Op-Ed: Why Social Workers Should Oppose Assisted Suicide

By Jessica Rodgers

As a social work intern with the Independent Living Center of the Hudson Valley, I advocate for all individuals to live as independently as possible in the community. I also oppose the dangerous assisted suicide legislation that continues to be pushed upon the people of New York.

For decades, opponents have warned about the dangers this sort of legislation holds for the disabled community. Despite supposed safeguards and attempts on the part of proponents to ease concerns, the world has hurtled along exactly as disability-rights advocates have feared. One need look no further than Switzerland where those willing to pay for it can buy a designer suicide. Belgium has perhaps gone the farthest of all by allowing children the option to kill themselves and not differentiating between mental distress and physical illness. A PBS special even followed a Belgian physician as he made a home visit to give one of his patients a lethal injection. Her diagnosis? Depression.

For the old, the sick, and the disabled — particularly those in poverty — the “right to die” may, sooner rather than later, become the “duty to die.”

Packaged as “aid in dying,” the truth is that physician-assisted suicide creates a new category of “other” within our society: Those to whom “help” is redefined as death. A doctor who prescribes a depressed teenager an overdose on lethal medications would be treated as a monster, yet that same doctor who does the exact same thing for the 50-year-old woman with cancer is simply being compassionate.

As social workers lead the charge in eliminating stigma around mental illness, we must be particularly aware of how mental health is being treated around the world. If, in the United States, we treat physical illness with accepted suicide, why should there be a distinction between a physically terminal or lingering illness, and a mental one? If we have a patient who is so depressed that they feel death is the only answer, should we refer them for psychiatric services and do our best to help them through the darkness? Or should we simply give them a handbook on how to make death efficient?

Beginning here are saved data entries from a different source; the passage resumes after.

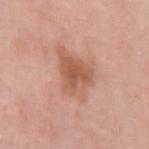Imaged during a routine full-body skin examination; the lesion was not biopsied and no histopathology is available. The tile uses white-light illumination. Approximately 5 mm at its widest. The lesion is on the left upper arm. The patient is a female approximately 45 years of age. A close-up tile cropped from a whole-body skin photograph, about 15 mm across.
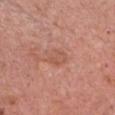| field | value |
|---|---|
| subject | female, about 60 years old |
| diameter | ≈2.5 mm |
| image-analysis metrics | an outline eccentricity of about 0.6 (0 = round, 1 = elongated) and two-axis asymmetry of about 0.25; a lesion color around L≈55 a*≈24 b*≈30 in CIELAB and a lesion–skin lightness drop of about 6; an automated nevus-likeness rating near 0 out of 100 and lesion-presence confidence of about 100/100 |
| tile lighting | white-light illumination |
| image | total-body-photography crop, ~15 mm field of view |
| location | the chest |
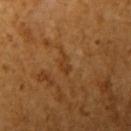Q: Is there a histopathology result?
A: total-body-photography surveillance lesion; no biopsy
Q: Lesion location?
A: the arm
Q: Automated lesion metrics?
A: a lesion color around L≈39 a*≈22 b*≈38 in CIELAB, a lesion–skin lightness drop of about 6, and a normalized border contrast of about 5.5; a color-variation rating of about 0/10 and radial color variation of about 0; a lesion-detection confidence of about 85/100
Q: How was the tile lit?
A: cross-polarized illumination
Q: What kind of image is this?
A: ~15 mm crop, total-body skin-cancer survey
Q: Patient demographics?
A: female, in their mid- to late 50s
Q: How large is the lesion?
A: ≈2.5 mm
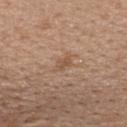Findings:
• notes · catalogued during a skin exam; not biopsied
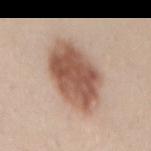  biopsy_status: not biopsied; imaged during a skin examination
  image:
    source: total-body photography crop
    field_of_view_mm: 15
  lesion_size:
    long_diameter_mm_approx: 7.5
  patient:
    sex: female
    age_approx: 25
  lighting: white-light
  site: back
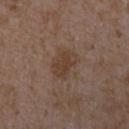{"biopsy_status": "not biopsied; imaged during a skin examination", "lesion_size": {"long_diameter_mm_approx": 3.5}, "site": "right forearm", "patient": {"sex": "female", "age_approx": 35}, "lighting": "white-light", "image": {"source": "total-body photography crop", "field_of_view_mm": 15}}
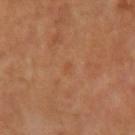• biopsy status: catalogued during a skin exam; not biopsied
• patient: female, aged around 60
• anatomic site: the left arm
• size: ≈1 mm
• automated lesion analysis: a lesion area of about 1 mm², a shape eccentricity near 0.75, and two-axis asymmetry of about 0.5; a classifier nevus-likeness of about 0/100 and a detector confidence of about 100 out of 100 that the crop contains a lesion
• illumination: cross-polarized
• acquisition: 15 mm crop, total-body photography
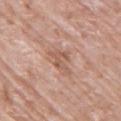Q: Was a biopsy performed?
A: total-body-photography surveillance lesion; no biopsy
Q: Lesion location?
A: the upper back
Q: Who is the patient?
A: female, aged 83 or older
Q: How was this image acquired?
A: ~15 mm tile from a whole-body skin photo
Q: Lesion size?
A: ≈4 mm
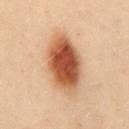notes = imaged on a skin check; not biopsied | patient = female, approximately 30 years of age | site = the mid back | image = ~15 mm tile from a whole-body skin photo.
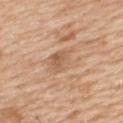Clinical impression: The lesion was photographed on a routine skin check and not biopsied; there is no pathology result. Context: A roughly 15 mm field-of-view crop from a total-body skin photograph. A male subject, aged 58–62. On the upper back.
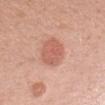Recorded during total-body skin imaging; not selected for excision or biopsy. The tile uses white-light illumination. A 15 mm crop from a total-body photograph taken for skin-cancer surveillance. The patient is a female aged around 40. From the left upper arm. Approximately 4 mm at its widest.
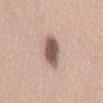{"lesion_size": {"long_diameter_mm_approx": 4.0}, "lighting": "white-light", "site": "lower back", "image": {"source": "total-body photography crop", "field_of_view_mm": 15}, "automated_metrics": {"area_mm2_approx": 8.5, "eccentricity": 0.85, "shape_asymmetry": 0.2, "border_irregularity_0_10": 2.0, "nevus_likeness_0_100": 75, "lesion_detection_confidence_0_100": 100}, "patient": {"sex": "female", "age_approx": 40}}
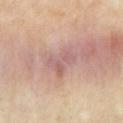Clinical impression: The lesion was tiled from a total-body skin photograph and was not biopsied. Context: Automated tile analysis of the lesion measured a footprint of about 7.5 mm², an outline eccentricity of about 0.7 (0 = round, 1 = elongated), and two-axis asymmetry of about 0.4. The analysis additionally found a border-irregularity rating of about 4.5/10 and a peripheral color-asymmetry measure near 1. On the arm. A female subject about 40 years old. Imaged with cross-polarized lighting. A close-up tile cropped from a whole-body skin photograph, about 15 mm across.
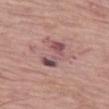Recorded during total-body skin imaging; not selected for excision or biopsy.
This image is a 15 mm lesion crop taken from a total-body photograph.
The recorded lesion diameter is about 4.5 mm.
A female patient approximately 85 years of age or older.
From the left thigh.
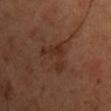Q: Is there a histopathology result?
A: total-body-photography surveillance lesion; no biopsy
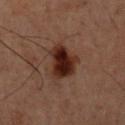workup: total-body-photography surveillance lesion; no biopsy
diameter: about 5 mm
anatomic site: the back
patient: male, roughly 60 years of age
illumination: cross-polarized illumination
imaging modality: 15 mm crop, total-body photography
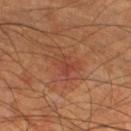Assessment:
Recorded during total-body skin imaging; not selected for excision or biopsy.
Image and clinical context:
This is a cross-polarized tile. The lesion is located on the right lower leg. A 15 mm close-up tile from a total-body photography series done for melanoma screening. A male subject aged approximately 65. Approximately 3.5 mm at its widest.
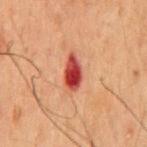Impression: Part of a total-body skin-imaging series; this lesion was reviewed on a skin check and was not flagged for biopsy. Acquisition and patient details: The recorded lesion diameter is about 4 mm. Automated tile analysis of the lesion measured a footprint of about 6 mm² and a symmetry-axis asymmetry near 0.15. And it measured an average lesion color of about L≈35 a*≈31 b*≈27 (CIELAB) and a normalized lesion–skin contrast near 12.5. The software also gave border irregularity of about 1.5 on a 0–10 scale and a peripheral color-asymmetry measure near 2. The tile uses cross-polarized illumination. On the chest. A region of skin cropped from a whole-body photographic capture, roughly 15 mm wide. A male patient approximately 50 years of age.
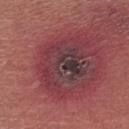Background: Measured at roughly 6 mm in maximum diameter. The lesion-visualizer software estimated an average lesion color of about L≈36 a*≈22 b*≈14 (CIELAB), roughly 7 lightness units darker than nearby skin, and a normalized border contrast of about 8. The software also gave an automated nevus-likeness rating near 0 out of 100 and lesion-presence confidence of about 95/100. This image is a 15 mm lesion crop taken from a total-body photograph. A male subject aged 63–67. The lesion is located on the leg.
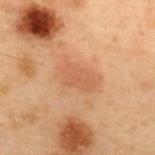Notes:
– location · the upper back
– image source · ~15 mm crop, total-body skin-cancer survey
– subject · male, in their mid-50s
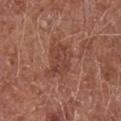Clinical impression:
This lesion was catalogued during total-body skin photography and was not selected for biopsy.
Clinical summary:
Automated image analysis of the tile measured a footprint of about 9 mm², an outline eccentricity of about 0.75 (0 = round, 1 = elongated), and two-axis asymmetry of about 0.25. It also reported border irregularity of about 3.5 on a 0–10 scale, internal color variation of about 3 on a 0–10 scale, and radial color variation of about 1. The analysis additionally found an automated nevus-likeness rating near 5 out of 100 and a detector confidence of about 100 out of 100 that the crop contains a lesion. About 4 mm across. The lesion is located on the abdomen. Cropped from a total-body skin-imaging series; the visible field is about 15 mm. The subject is a male aged approximately 65.
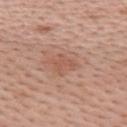Captured during whole-body skin photography for melanoma surveillance; the lesion was not biopsied.
A close-up tile cropped from a whole-body skin photograph, about 15 mm across.
The lesion is located on the upper back.
A female patient aged approximately 35.
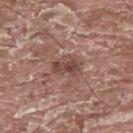Q: Is there a histopathology result?
A: imaged on a skin check; not biopsied
Q: What are the patient's age and sex?
A: male, aged approximately 40
Q: What is the imaging modality?
A: 15 mm crop, total-body photography
Q: Lesion size?
A: ≈3.5 mm
Q: Where on the body is the lesion?
A: the upper back
Q: Illumination type?
A: white-light
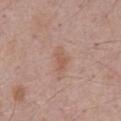Q: How was the tile lit?
A: white-light
Q: What is the anatomic site?
A: the front of the torso
Q: What is the lesion's diameter?
A: about 3.5 mm
Q: What is the imaging modality?
A: ~15 mm crop, total-body skin-cancer survey
Q: Patient demographics?
A: male, roughly 70 years of age
Q: Automated lesion metrics?
A: a lesion area of about 5 mm² and a symmetry-axis asymmetry near 0.4; a border-irregularity rating of about 4/10, internal color variation of about 1.5 on a 0–10 scale, and a peripheral color-asymmetry measure near 0.5; a classifier nevus-likeness of about 0/100
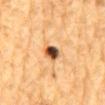Imaged during a routine full-body skin examination; the lesion was not biopsied and no histopathology is available. On the mid back. A 15 mm close-up tile from a total-body photography series done for melanoma screening. Imaged with cross-polarized lighting. The subject is a male in their mid- to late 80s or older. The total-body-photography lesion software estimated an area of roughly 4.5 mm², an eccentricity of roughly 0.75, and a shape-asymmetry score of about 0.2 (0 = symmetric). The software also gave a lesion–skin lightness drop of about 21 and a normalized border contrast of about 15. The software also gave a nevus-likeness score of about 100/100.
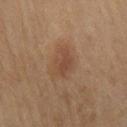{
  "image": {
    "source": "total-body photography crop",
    "field_of_view_mm": 15
  },
  "lesion_size": {
    "long_diameter_mm_approx": 3.5
  },
  "site": "right thigh",
  "lighting": "cross-polarized",
  "patient": {
    "sex": "female",
    "age_approx": 60
  }
}
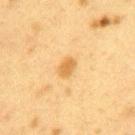Part of a total-body skin-imaging series; this lesion was reviewed on a skin check and was not flagged for biopsy. About 3 mm across. Automated tile analysis of the lesion measured a lesion area of about 4 mm², an eccentricity of roughly 0.8, and a shape-asymmetry score of about 0.25 (0 = symmetric). A 15 mm crop from a total-body photograph taken for skin-cancer surveillance. A female subject roughly 40 years of age. This is a cross-polarized tile. On the back.
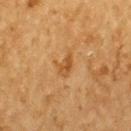- workup · no biopsy performed (imaged during a skin exam)
- acquisition · ~15 mm crop, total-body skin-cancer survey
- location · the upper back
- size · ≈3 mm
- patient · male, in their mid- to late 80s or older
- illumination · cross-polarized
- automated metrics · an eccentricity of roughly 0.8 and two-axis asymmetry of about 0.35; a mean CIELAB color near L≈46 a*≈20 b*≈38, a lesion–skin lightness drop of about 8, and a normalized border contrast of about 6.5; border irregularity of about 3.5 on a 0–10 scale, a color-variation rating of about 2/10, and a peripheral color-asymmetry measure near 0.5; an automated nevus-likeness rating near 0 out of 100

If the latter seems distasteful there’s good reason: We know that death is not help, and suicide is not healing. We already know that women, minorities, and the disabled have to fight harder for better health care. How do we protect the most vulnerable from a world that accepts and legalizes suicide as an appropriate answer to fear and loneliness at least some of the time? It’s no mystery why respected medical organizations such as the American Medical Association and the American Nurses Association join with disability rights organizations to oppose so-called aid in dying.

Our laws reflect the society we want to be, which is why social workers advocate for legislation that provides care for the sick, the hungry, the poor, and the lonely. When legislation is introduced that would radically change the roles of our doctors, and egregiously redefine compassion and health care in our culture, we must be willing to stand up for the vulnerable.

As a future social worker I stand in alliance with disability-rights advocates and all who value basic human dignity to oppose assisted suicide.

Jessica Rodgers is a student at the University of Albany and president of the school’s Baccalaureate Social Welfare Association.